(Note: This essay was written in 2009 as a WordPress “page.” It’s become buried and hard to find, so I thought it time to republish it properly as a “post,” complete with categories and tags.)
MY PARENTS were born in 1920, which seems now to be in a different historical era. They were children in the Roaring ’20s, teenagers through the Great Depression, young adults at the beginning of World War II.
They are the Greatest Generation. They put off everything to fight the war. Then the boys came home — the ones who survived — and started making up for lost time. They attended college in greater numbers than ever before, under the GI Bill, married and bought brand new ticky-tacky houses with VA loans. And they had children. Did they ever.
The Greatest Generation shared hardship, service, accomplishment, victory. Then they settled down and didn’t look back much. As they had devoted themselves to country in the 1940s, they devoted themselves to work and family in the 1950s and 1960s. They created my generation.
We’re the Baby Boomer generation.
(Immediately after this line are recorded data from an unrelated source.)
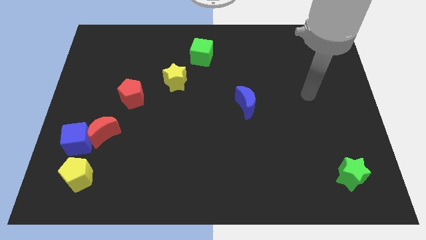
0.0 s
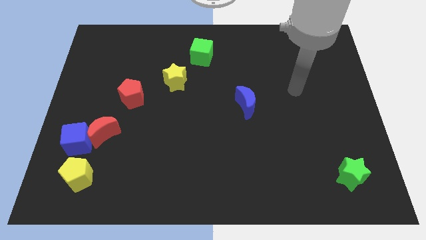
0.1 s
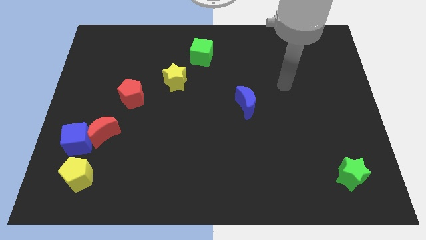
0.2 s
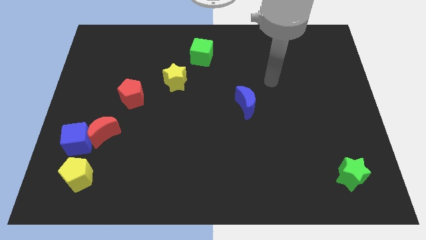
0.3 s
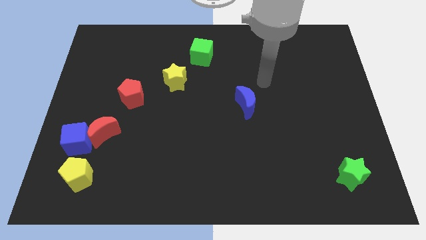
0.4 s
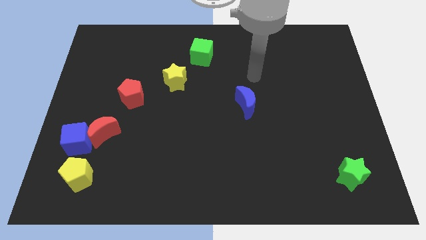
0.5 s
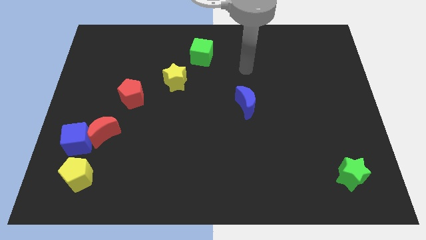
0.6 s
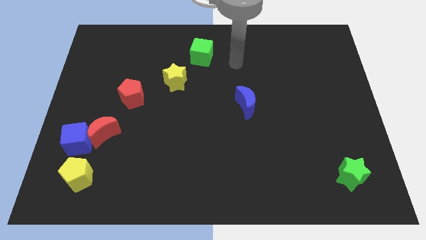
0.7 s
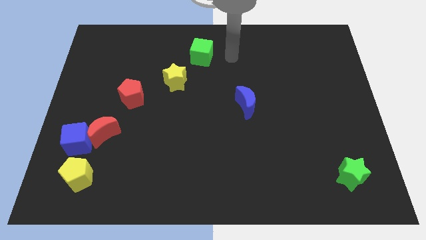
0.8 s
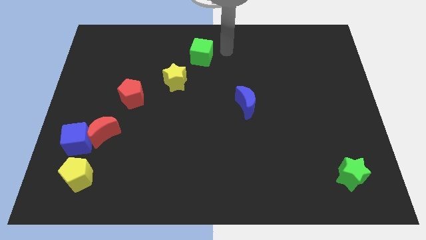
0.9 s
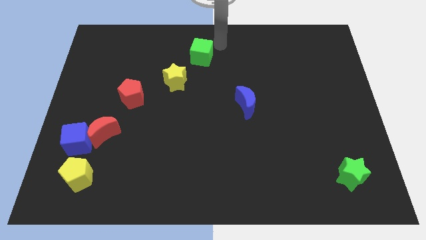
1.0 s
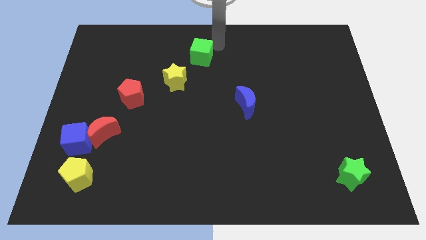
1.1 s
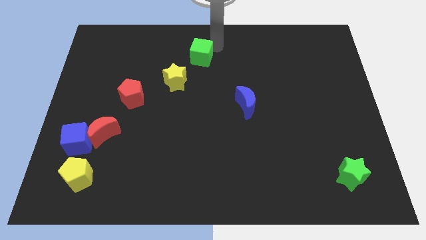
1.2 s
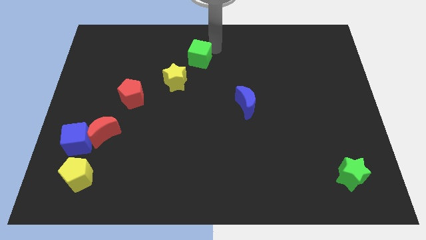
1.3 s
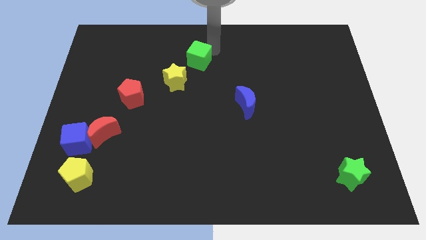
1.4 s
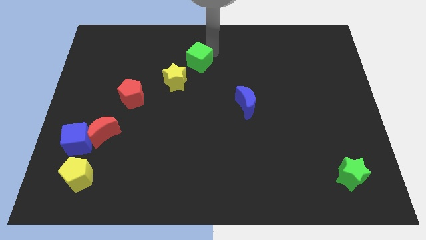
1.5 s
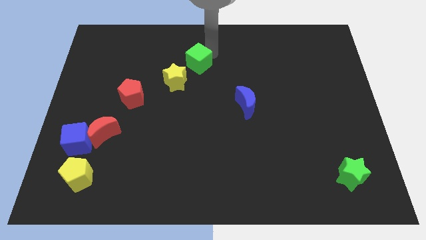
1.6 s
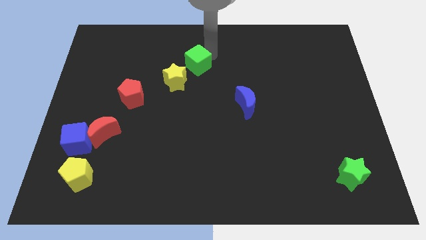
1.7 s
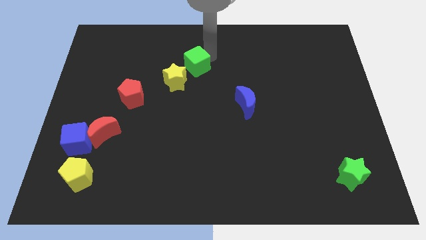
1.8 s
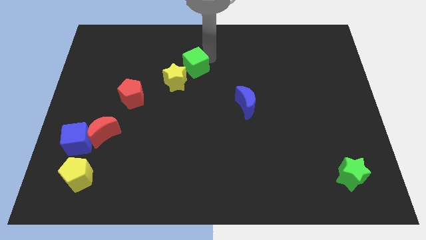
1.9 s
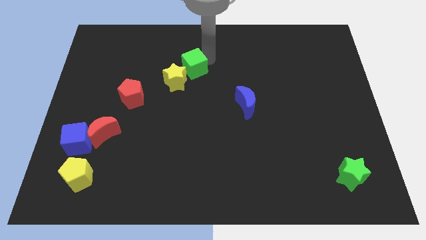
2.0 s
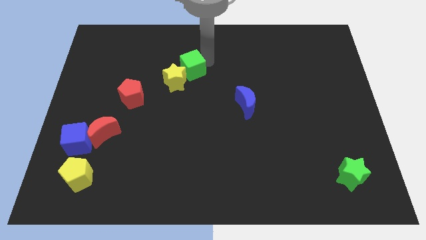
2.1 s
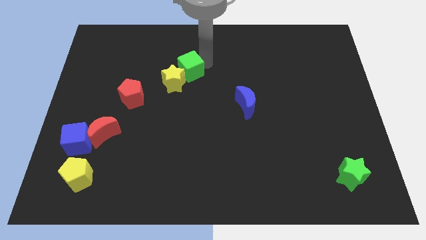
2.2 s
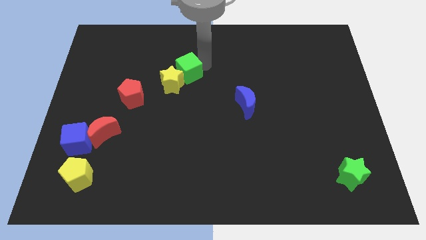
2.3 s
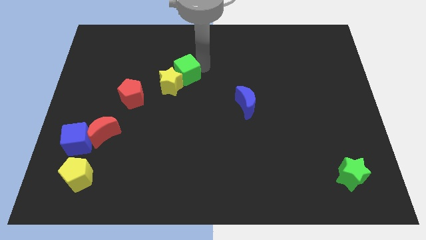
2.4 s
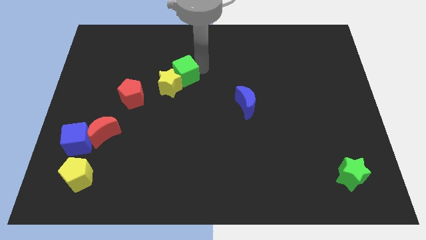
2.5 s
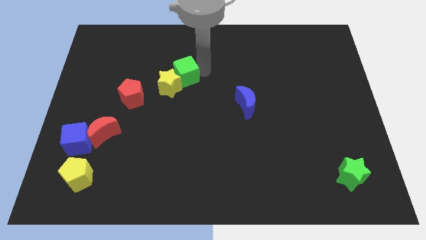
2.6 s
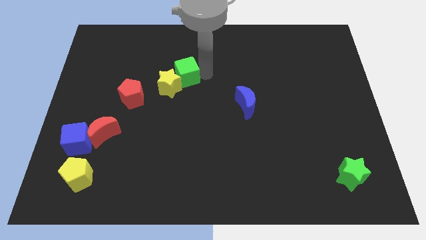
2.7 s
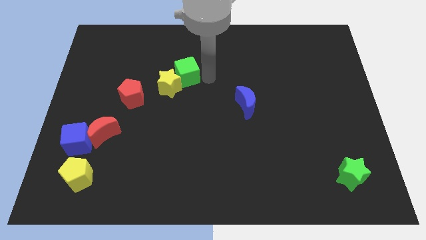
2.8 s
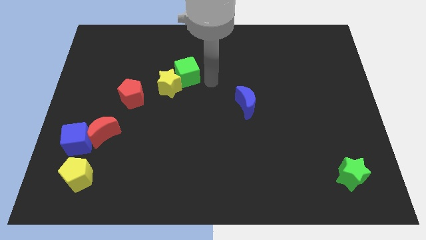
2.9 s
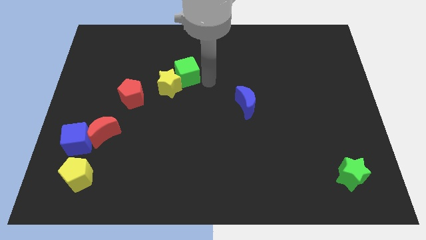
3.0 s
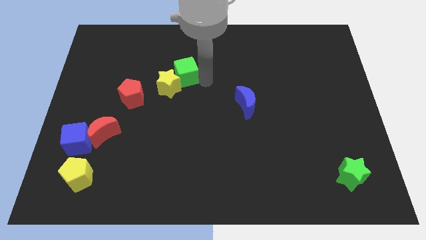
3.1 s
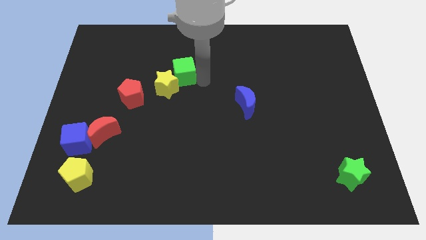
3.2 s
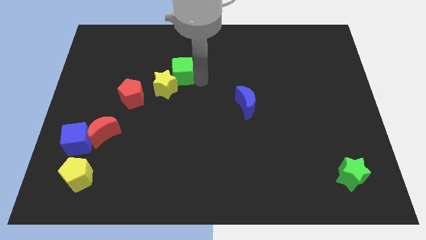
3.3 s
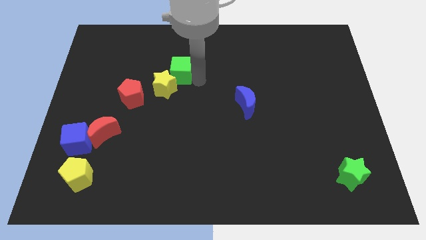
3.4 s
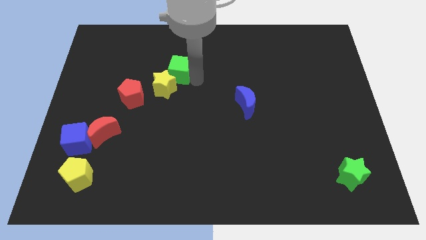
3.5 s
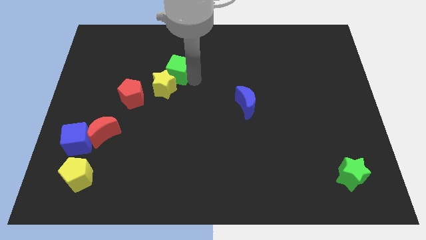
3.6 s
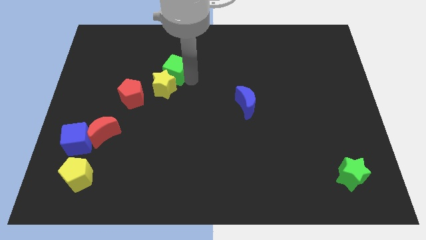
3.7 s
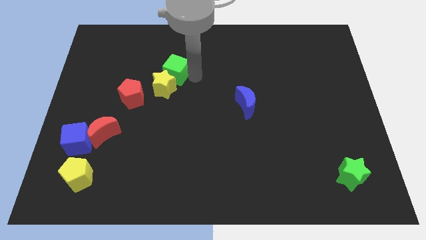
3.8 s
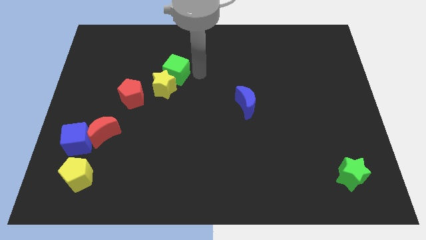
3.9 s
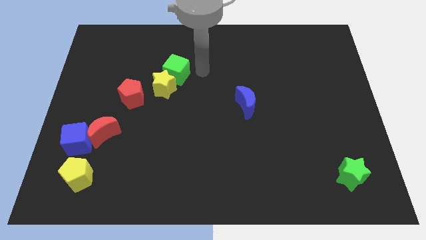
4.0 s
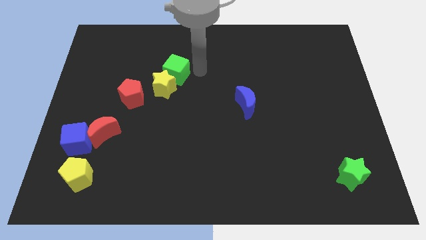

We are NOT the greatest, not even close, as Garrison Keeler wryly observed.
We have shared history from the 1950s — polio shots and “duck and cover.” The children of the 50s and 60s grew up in the shadow of the Cold War, with an awareness of unseen nuclear danger in the world, as well as a gradual awakening to inequality in America.
Though others see us as a monolithic cohort, the Boomer generation was divided in the 1960s and early 1970s by different, even opposite experiences. Many of us went to college, and many did not. We went to Vietnam, or we opposed the war (some did both).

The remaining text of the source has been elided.